Any picture in the data below should be skipped, while every line is repeated exactly.

##############################

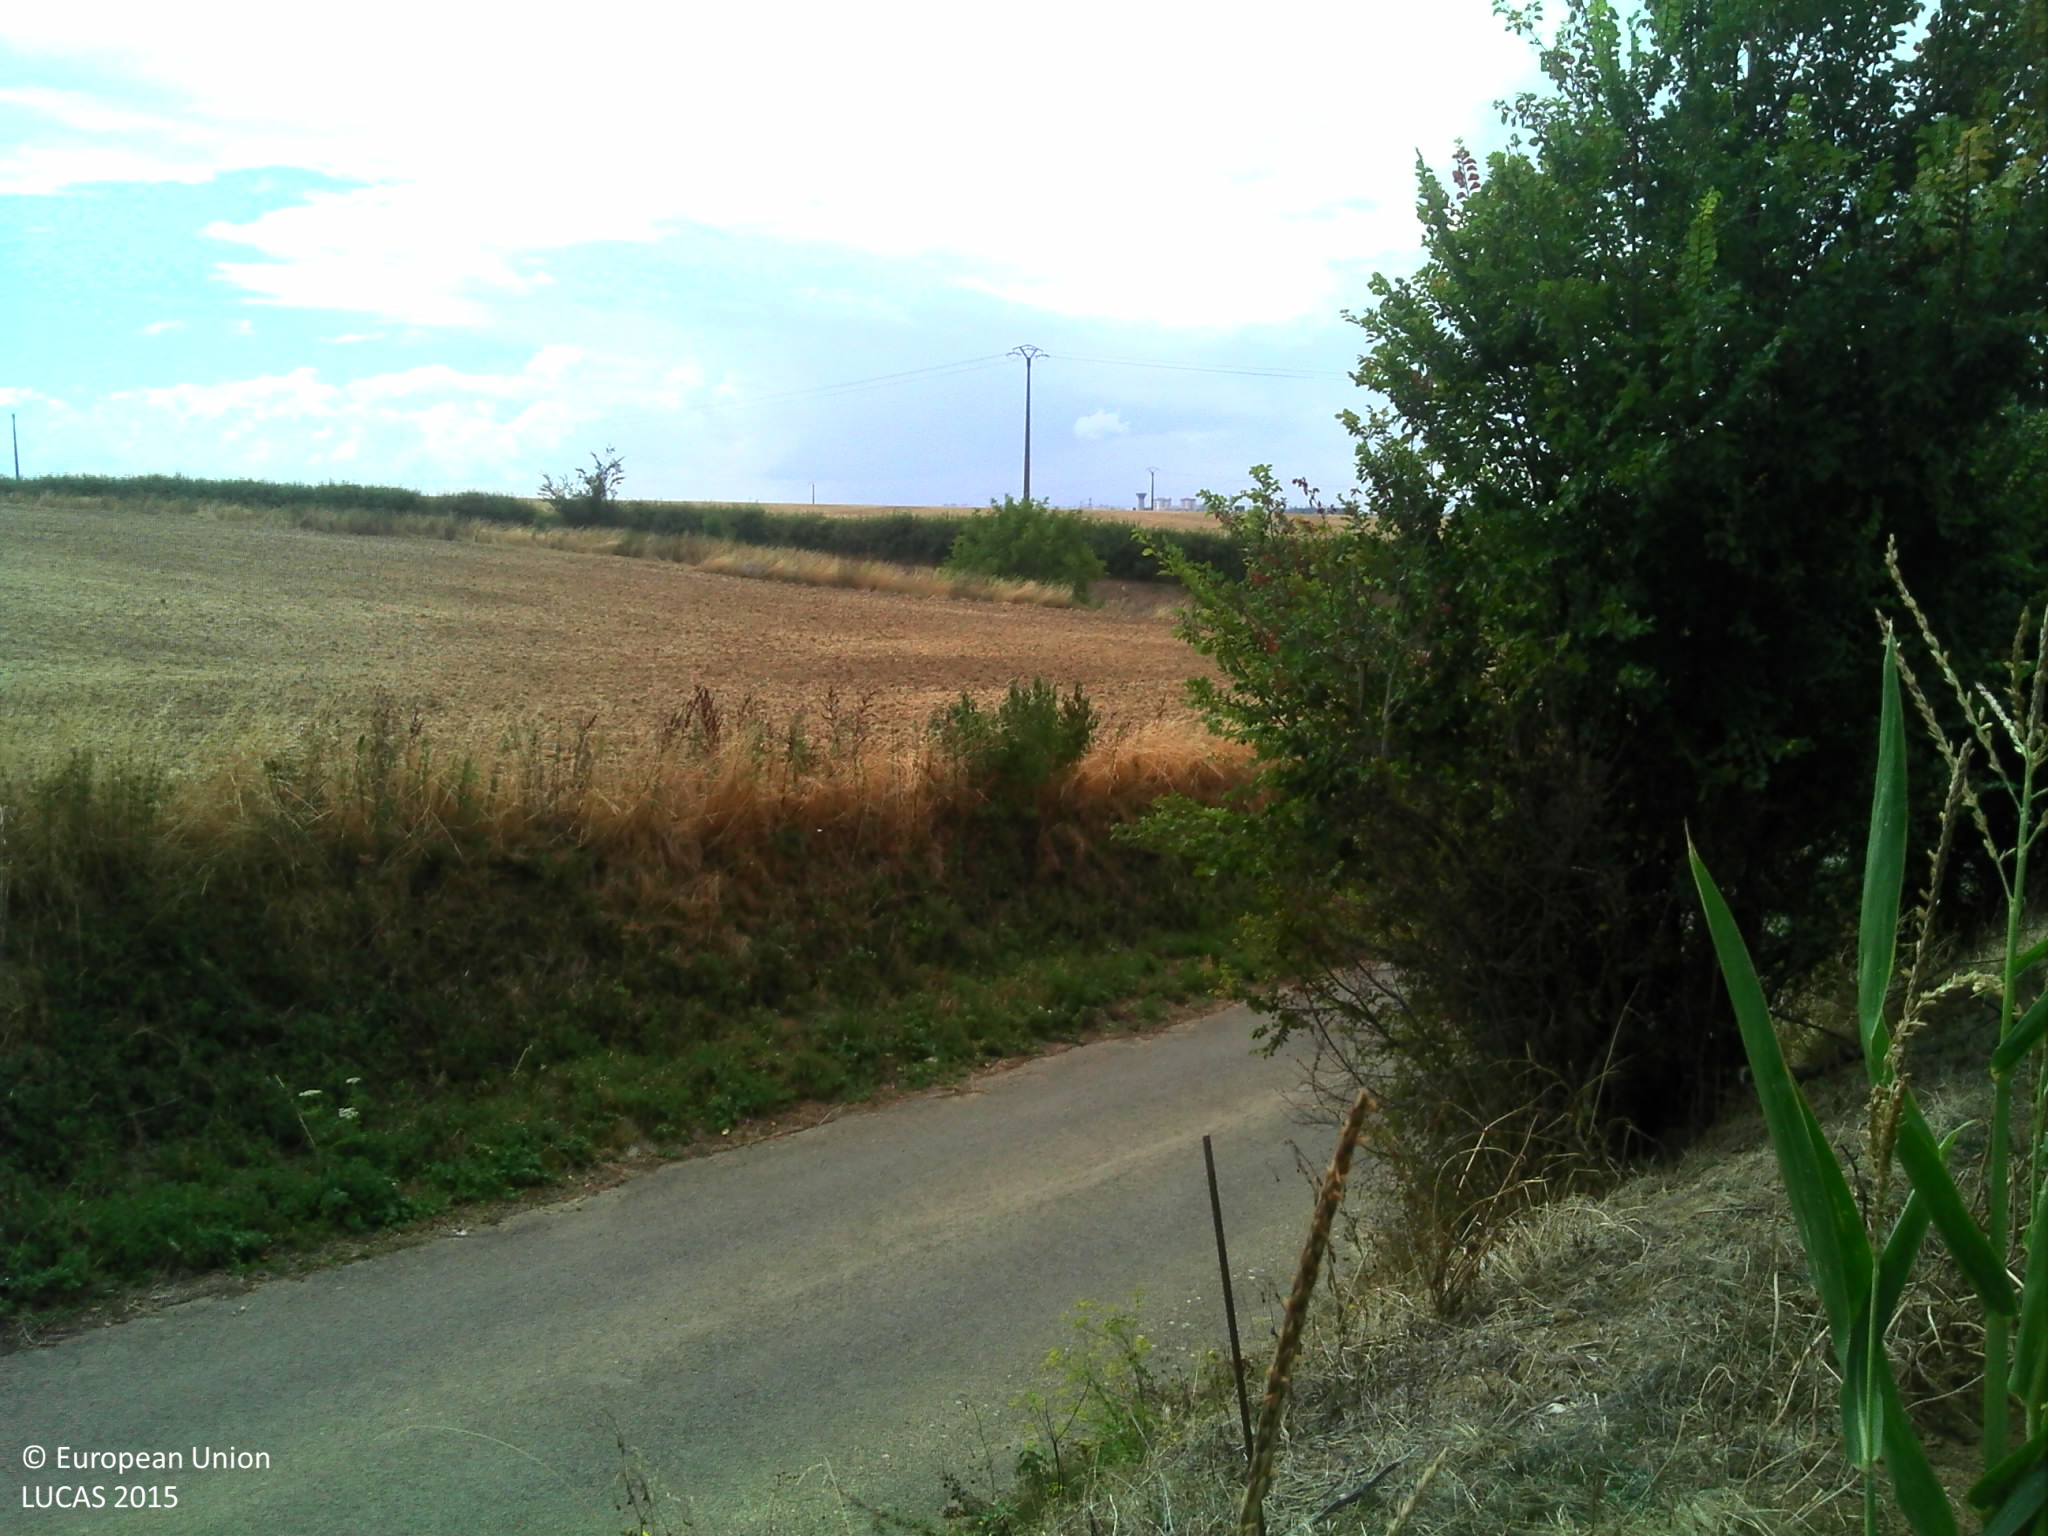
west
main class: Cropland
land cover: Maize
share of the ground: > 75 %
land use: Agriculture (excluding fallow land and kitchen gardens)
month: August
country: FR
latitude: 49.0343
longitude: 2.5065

##############################

Answer box:
west
main class: Cropland
land cover: Maize
share of the ground: > 75 %
land use: Agriculture (excluding fallow land and kitchen gardens)
month: August
country: FR
latitude: 49.0343
longitude: 2.5065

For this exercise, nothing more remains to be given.